There's a great documentary series currently on BBC television entitled How God Made the English. The first part - A Chosen People? - is still available on BBC iPlayer (be sure to view it quickly before it is removed). It's documentary-making in its prime and rousing stuff if you are English, offering fascinating insight in how England has proved adept at constructing powerful and enduring myths. In the programme the presenter explores how the English captured, internalised and actualised the biblical concept of the Jews as God's chosen people for themselves, so that the English became the new chosen people. This English sense of "chosenness" went on to shape and drive English identity, confidence and self-perceptions. The result is a sense of immense self-confidence (even superiority), all the stronger because it was perceived as having divine backing.
Yet this English sense of "chosenness" and superiority is quite at odds with the Jewish understanding of the concept expressed by the rabbi interviewed in the film. For him, being chosen brings with it considerable responsibility and consequences, neither does chosenness mean exclusivity or superiority over others. Chosenness is for a purpose, not a means in itself. This understanding is far removed from the historical English version explored in the documentary promulgating supreme self-confidence and a sense of superiority (I'm reminded of that saying, "An Englishman will treat you as his equal if you will treat him as your superior".)

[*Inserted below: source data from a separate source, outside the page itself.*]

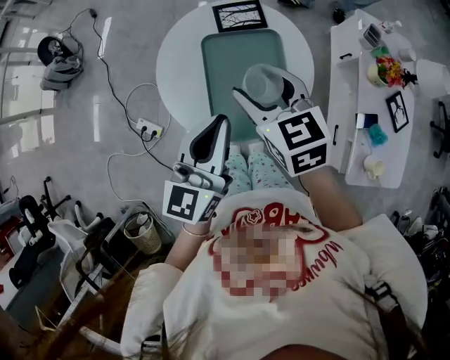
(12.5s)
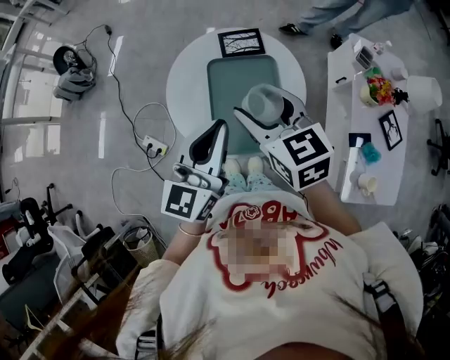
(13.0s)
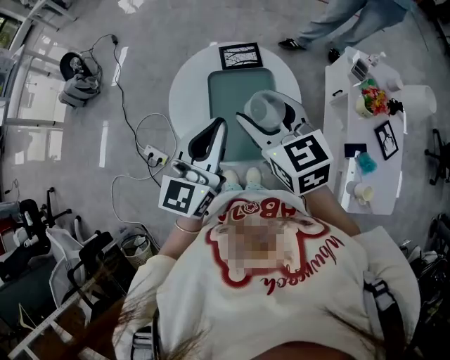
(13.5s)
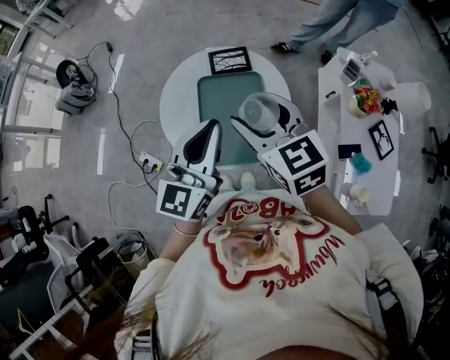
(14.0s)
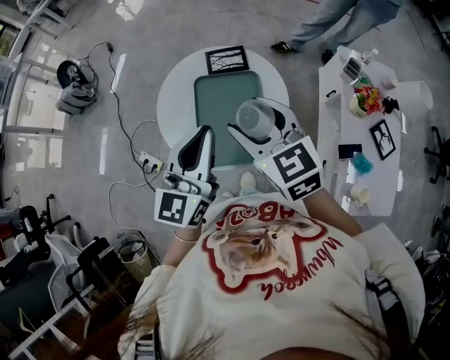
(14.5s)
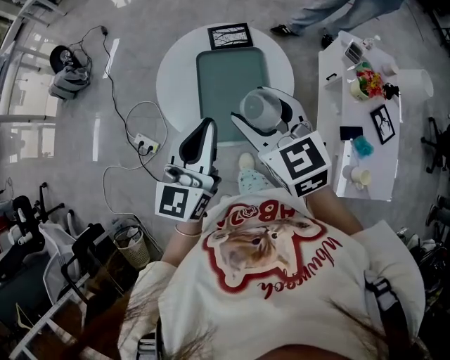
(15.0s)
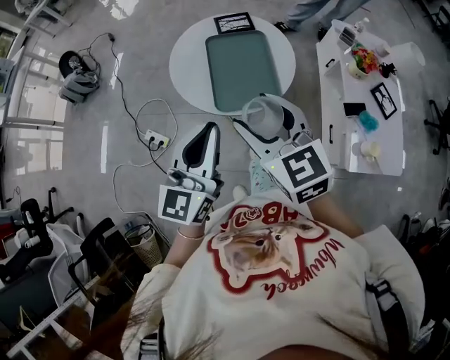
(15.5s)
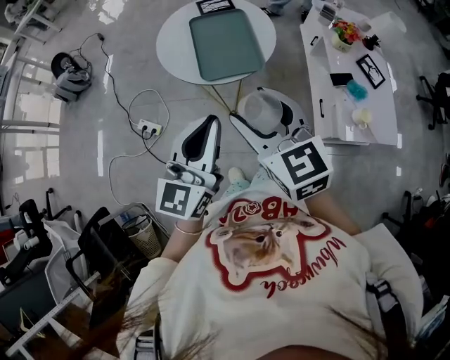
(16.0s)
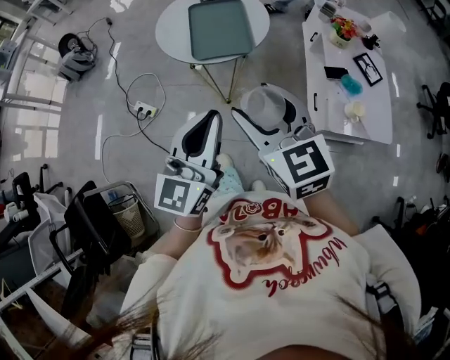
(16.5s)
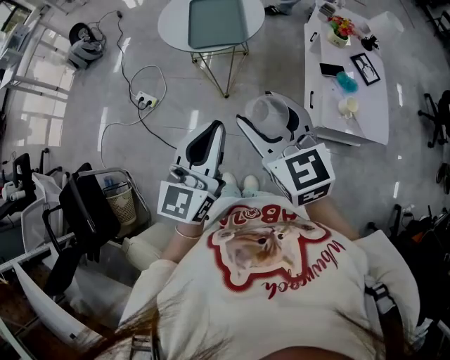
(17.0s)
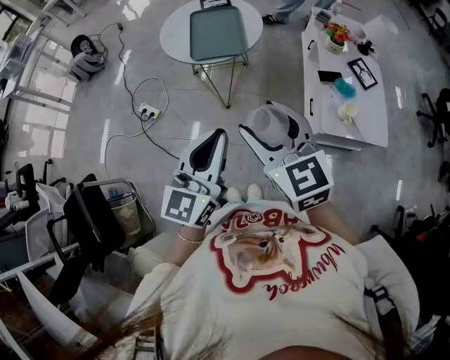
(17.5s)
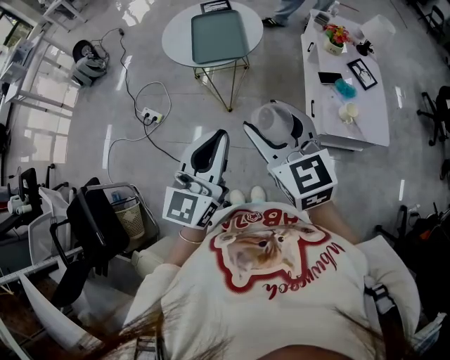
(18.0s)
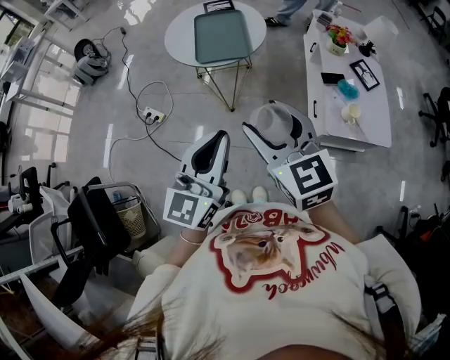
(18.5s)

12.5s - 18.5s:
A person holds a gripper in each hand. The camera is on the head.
12.5s - 14.5s: The two grippers go about 5 cm upward.
14.5s - 16.5s: The two grippers go roughly 40 cm backward.
16.5s - 18.5s: Both grippers travel together backward, approximately 10 cm.

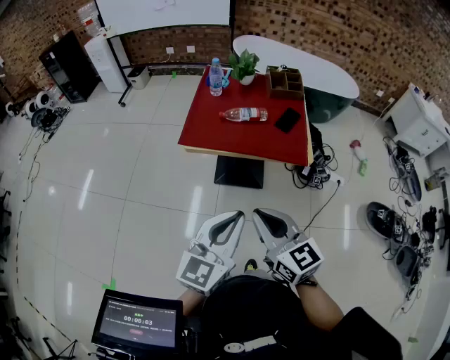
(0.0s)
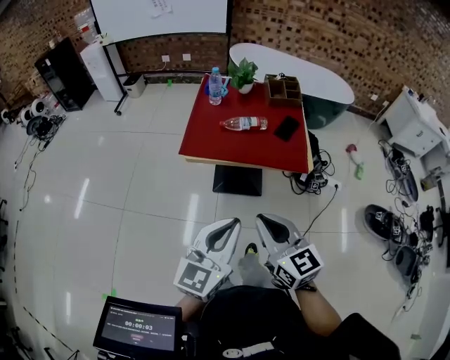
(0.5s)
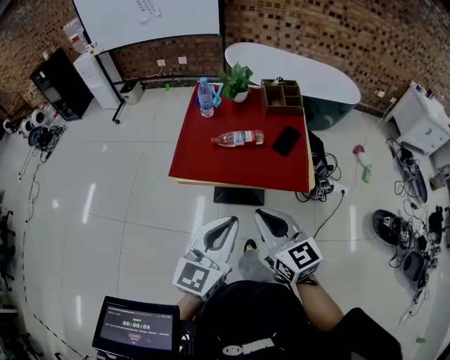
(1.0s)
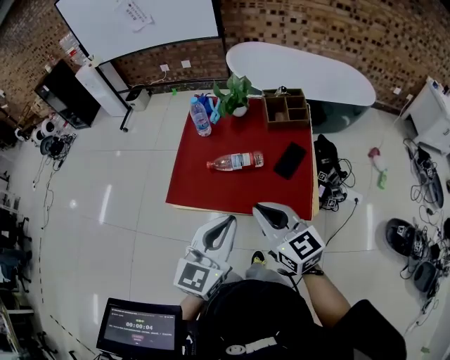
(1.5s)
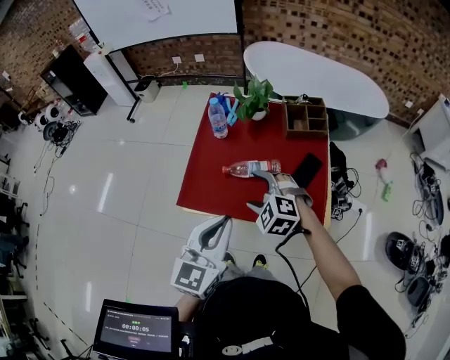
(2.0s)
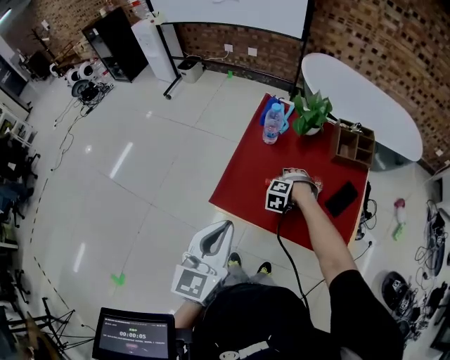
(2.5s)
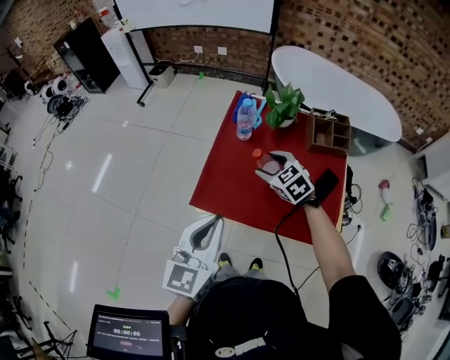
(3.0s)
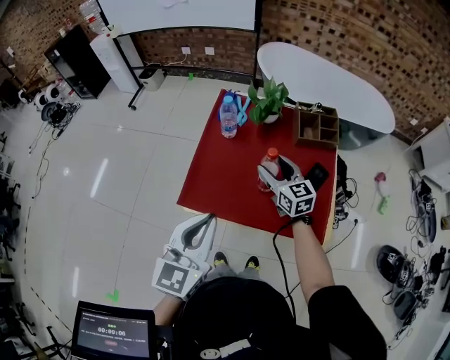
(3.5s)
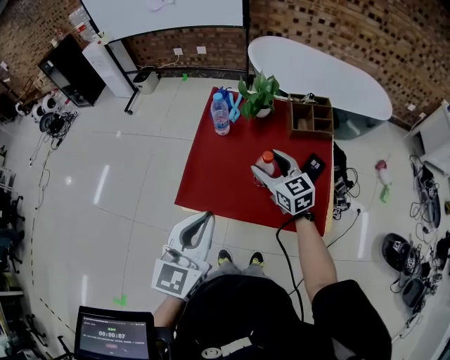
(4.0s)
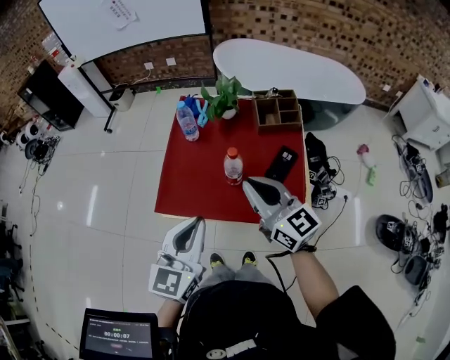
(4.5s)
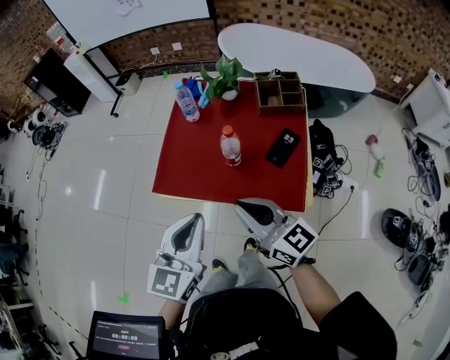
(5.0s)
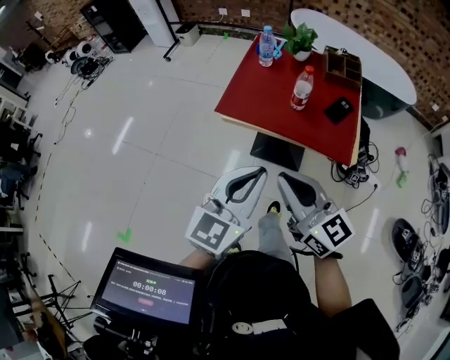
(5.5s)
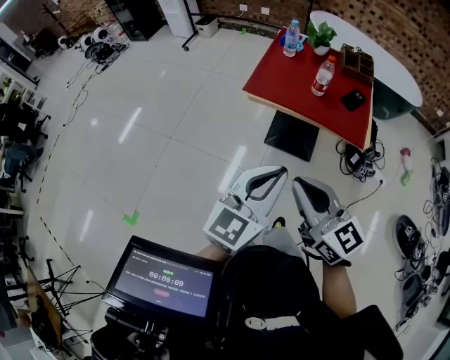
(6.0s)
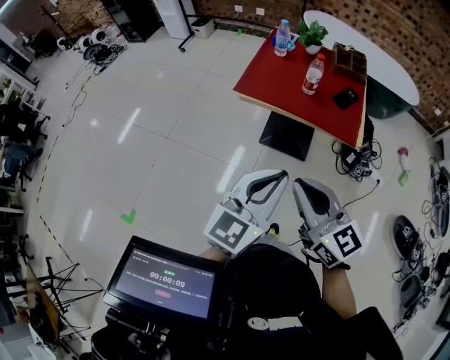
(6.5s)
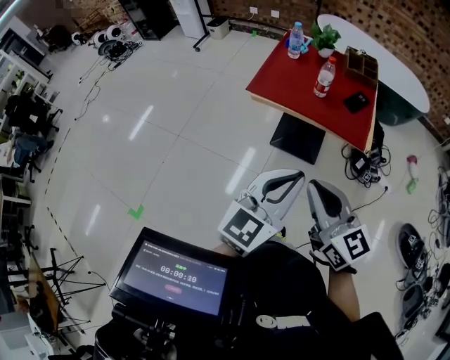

This raises an interesting question. To what extent is this latter understanding of chosenness driving a rejection of the Jews as God's chosen people by some English churchmen who are vocal on these issues? In other words, is it their Sitz im Leben, their life context and setting as Englishmen, which has shaped their (mis)understanding of the concept of chosenness through the lens of an English sense of superiority (even arrogance), rather than an Old Testament understanding of chosenness (including all its duties, responsibilities and consequences)? I am asking the extent to which a specifically English preoccupation with and expression of supersessionism might have been brought about by a post-imperial rejection of English nationalism.